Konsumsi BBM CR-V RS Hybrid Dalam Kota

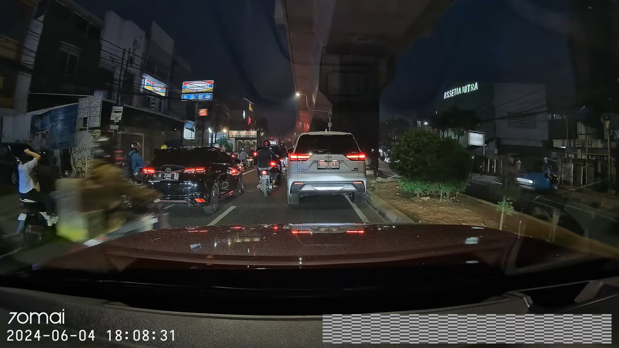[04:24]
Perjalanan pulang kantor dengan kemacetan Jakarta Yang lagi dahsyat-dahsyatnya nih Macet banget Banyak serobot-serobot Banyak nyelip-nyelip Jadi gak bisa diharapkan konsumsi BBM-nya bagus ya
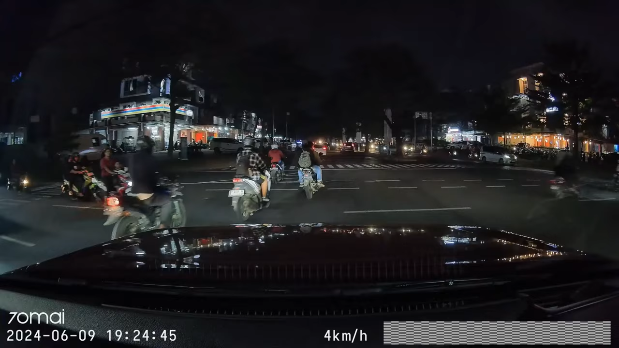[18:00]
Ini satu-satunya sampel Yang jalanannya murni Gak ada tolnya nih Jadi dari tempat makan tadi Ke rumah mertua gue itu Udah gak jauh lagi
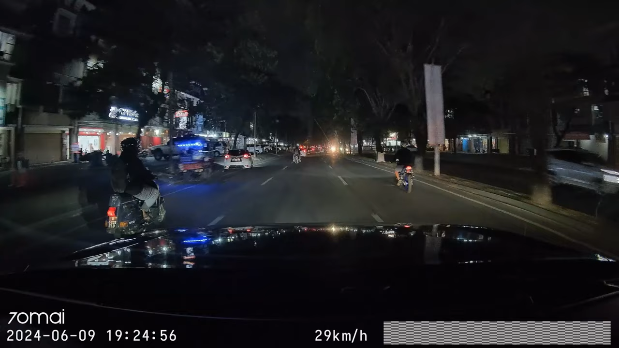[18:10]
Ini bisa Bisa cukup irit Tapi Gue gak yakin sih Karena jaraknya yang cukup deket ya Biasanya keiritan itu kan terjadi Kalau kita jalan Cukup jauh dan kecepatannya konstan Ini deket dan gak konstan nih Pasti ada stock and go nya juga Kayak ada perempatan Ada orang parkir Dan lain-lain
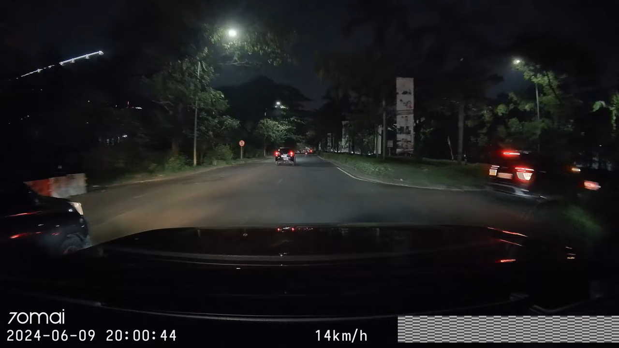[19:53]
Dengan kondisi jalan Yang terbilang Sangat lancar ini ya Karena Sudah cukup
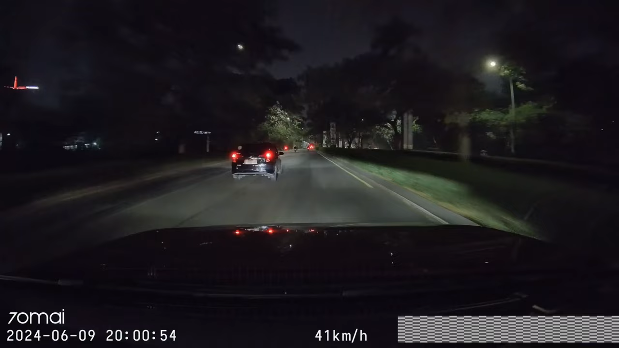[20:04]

---

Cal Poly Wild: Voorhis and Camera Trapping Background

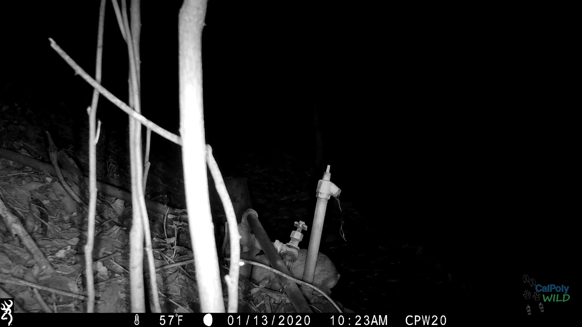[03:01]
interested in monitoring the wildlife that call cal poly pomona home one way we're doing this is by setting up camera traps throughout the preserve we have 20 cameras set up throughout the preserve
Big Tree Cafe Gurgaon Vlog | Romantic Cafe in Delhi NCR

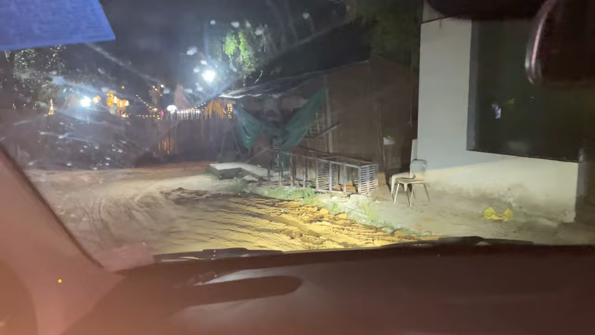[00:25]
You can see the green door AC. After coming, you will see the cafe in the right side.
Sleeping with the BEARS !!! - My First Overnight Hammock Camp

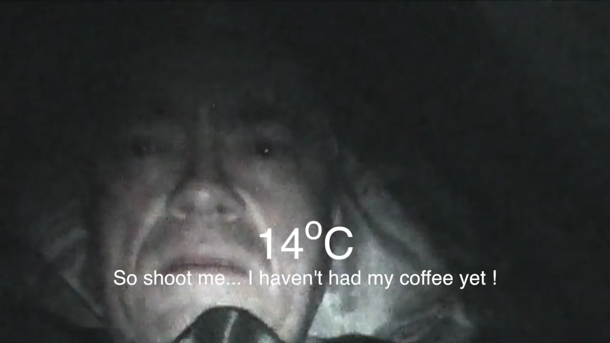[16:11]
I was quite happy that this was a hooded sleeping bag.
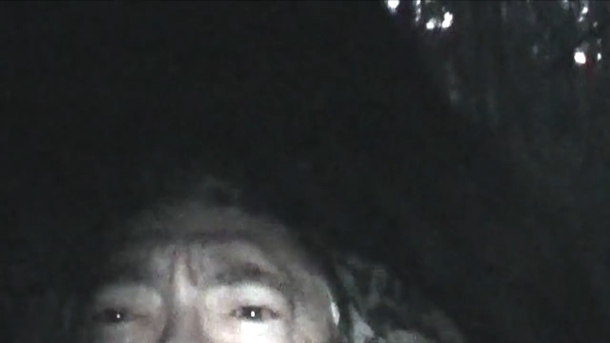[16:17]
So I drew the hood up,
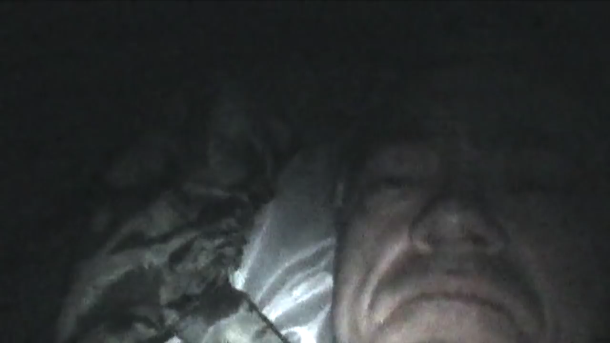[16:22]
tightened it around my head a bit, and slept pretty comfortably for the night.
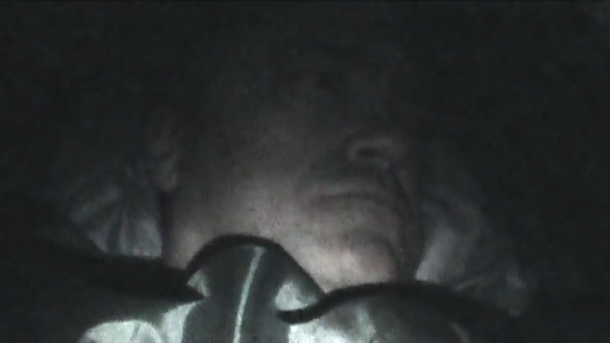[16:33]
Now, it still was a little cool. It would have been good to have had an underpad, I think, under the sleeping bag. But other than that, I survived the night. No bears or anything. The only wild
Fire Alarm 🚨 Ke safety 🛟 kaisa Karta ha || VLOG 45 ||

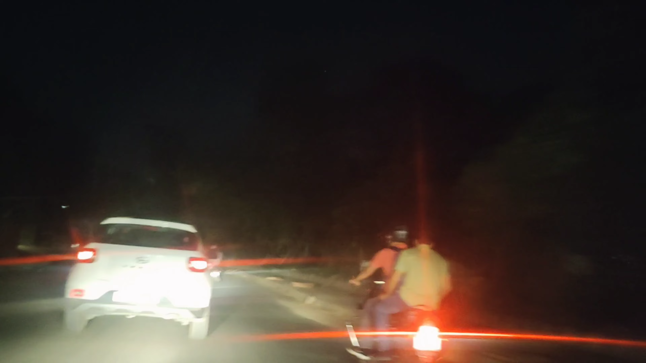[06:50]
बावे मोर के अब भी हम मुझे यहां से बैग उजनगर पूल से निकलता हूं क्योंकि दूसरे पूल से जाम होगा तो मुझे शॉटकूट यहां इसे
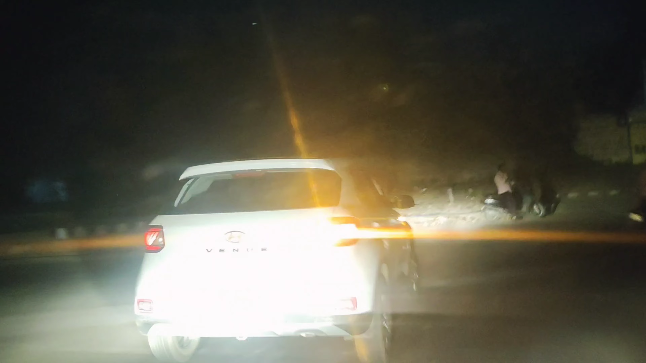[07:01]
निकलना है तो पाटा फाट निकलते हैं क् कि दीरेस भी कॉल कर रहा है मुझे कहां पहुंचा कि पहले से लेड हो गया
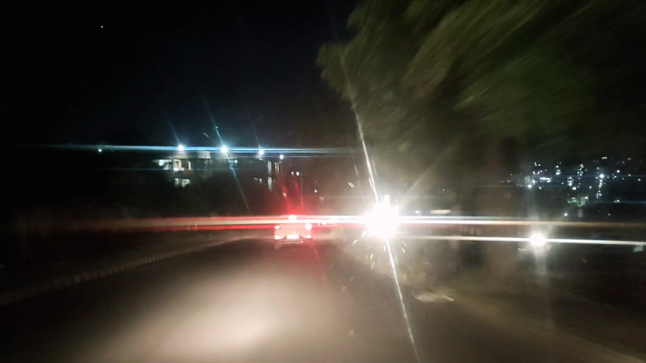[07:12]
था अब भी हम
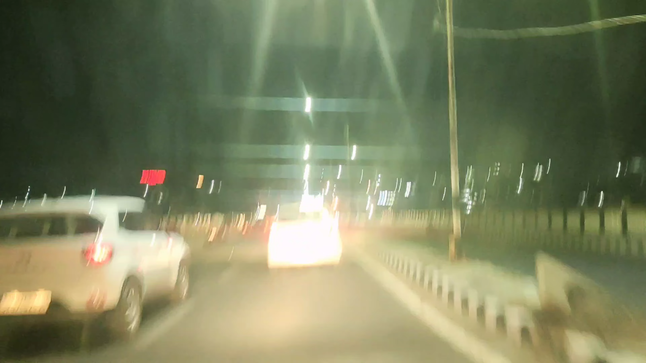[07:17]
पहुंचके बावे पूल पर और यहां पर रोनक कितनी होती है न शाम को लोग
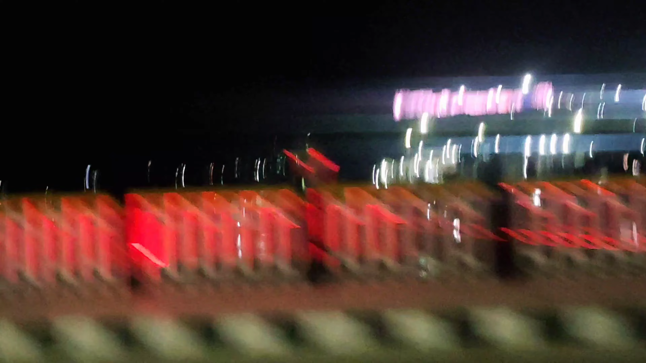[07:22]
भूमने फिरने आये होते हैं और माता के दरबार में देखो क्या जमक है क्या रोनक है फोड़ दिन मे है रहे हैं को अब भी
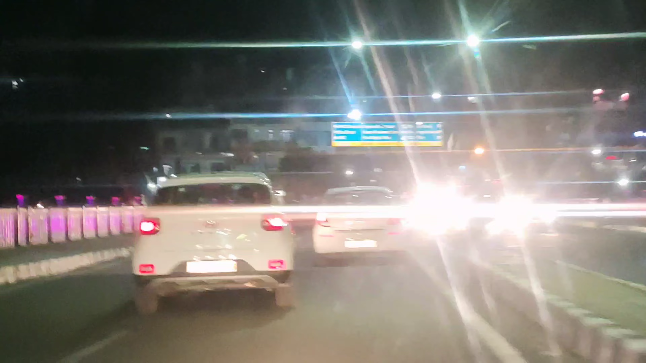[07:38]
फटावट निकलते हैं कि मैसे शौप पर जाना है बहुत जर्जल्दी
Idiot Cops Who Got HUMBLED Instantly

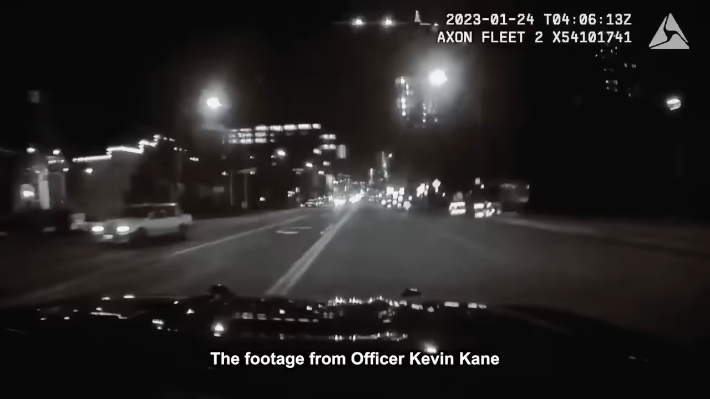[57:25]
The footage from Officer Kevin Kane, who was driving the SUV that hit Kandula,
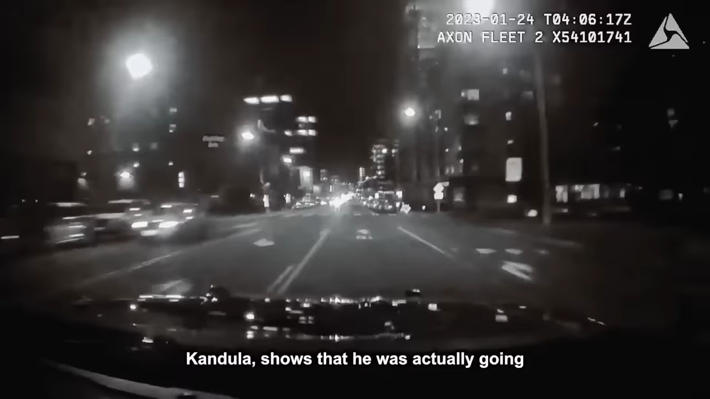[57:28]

* * *

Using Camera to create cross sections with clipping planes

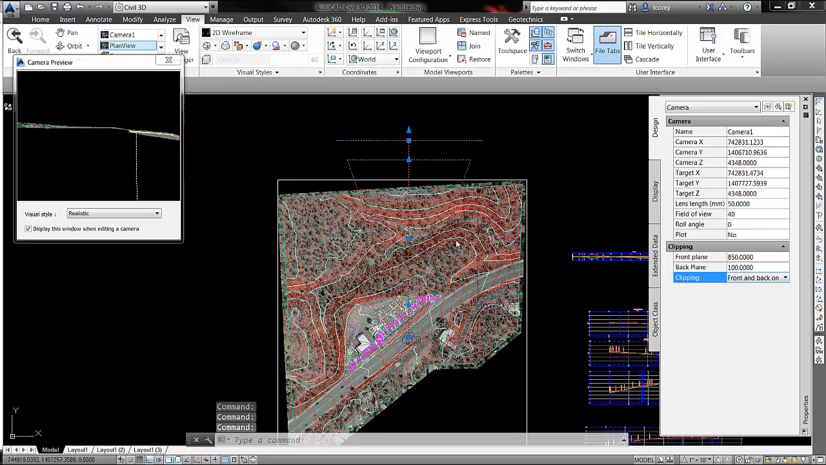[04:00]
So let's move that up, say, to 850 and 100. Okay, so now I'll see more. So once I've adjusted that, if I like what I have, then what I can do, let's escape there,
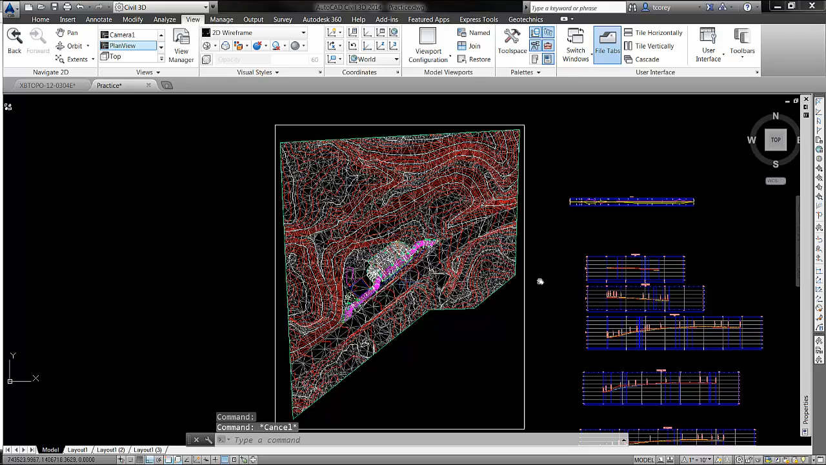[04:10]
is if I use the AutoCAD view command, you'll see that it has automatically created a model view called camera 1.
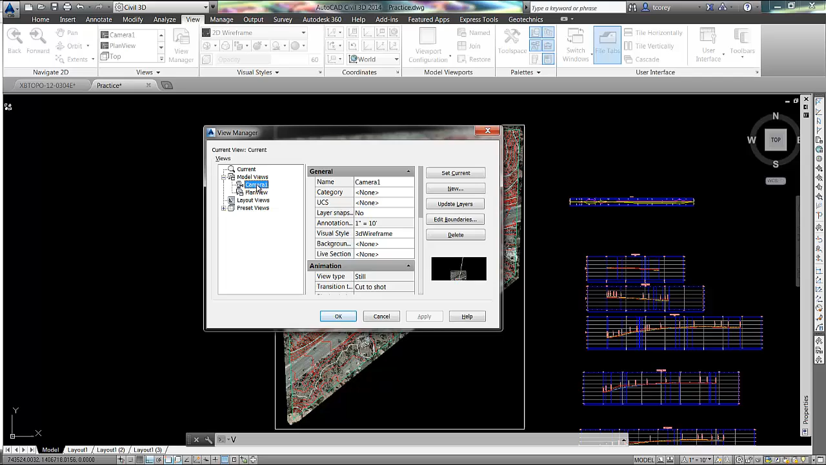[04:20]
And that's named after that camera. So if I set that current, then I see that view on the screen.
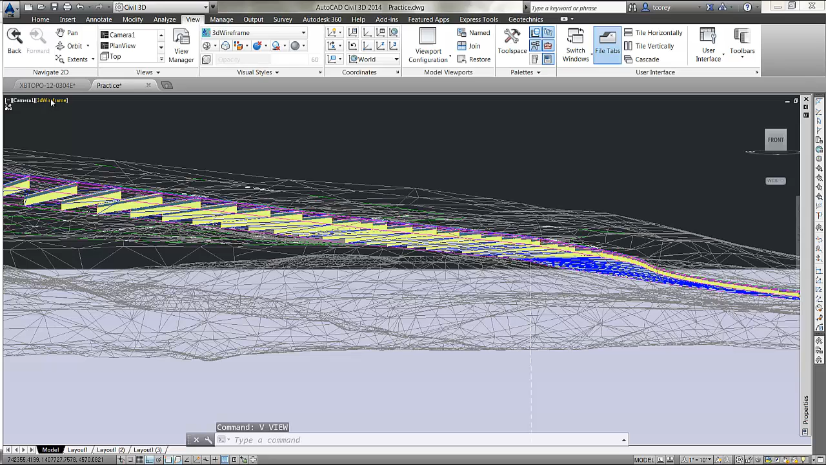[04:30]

Exercise directions
What lines of the data contain the string "with"? List them.

Solution to the exercise
Sleeping with the BEARS !!! - My First Overnight Hammock Camp
Using Camera to create cross sections with clipping planes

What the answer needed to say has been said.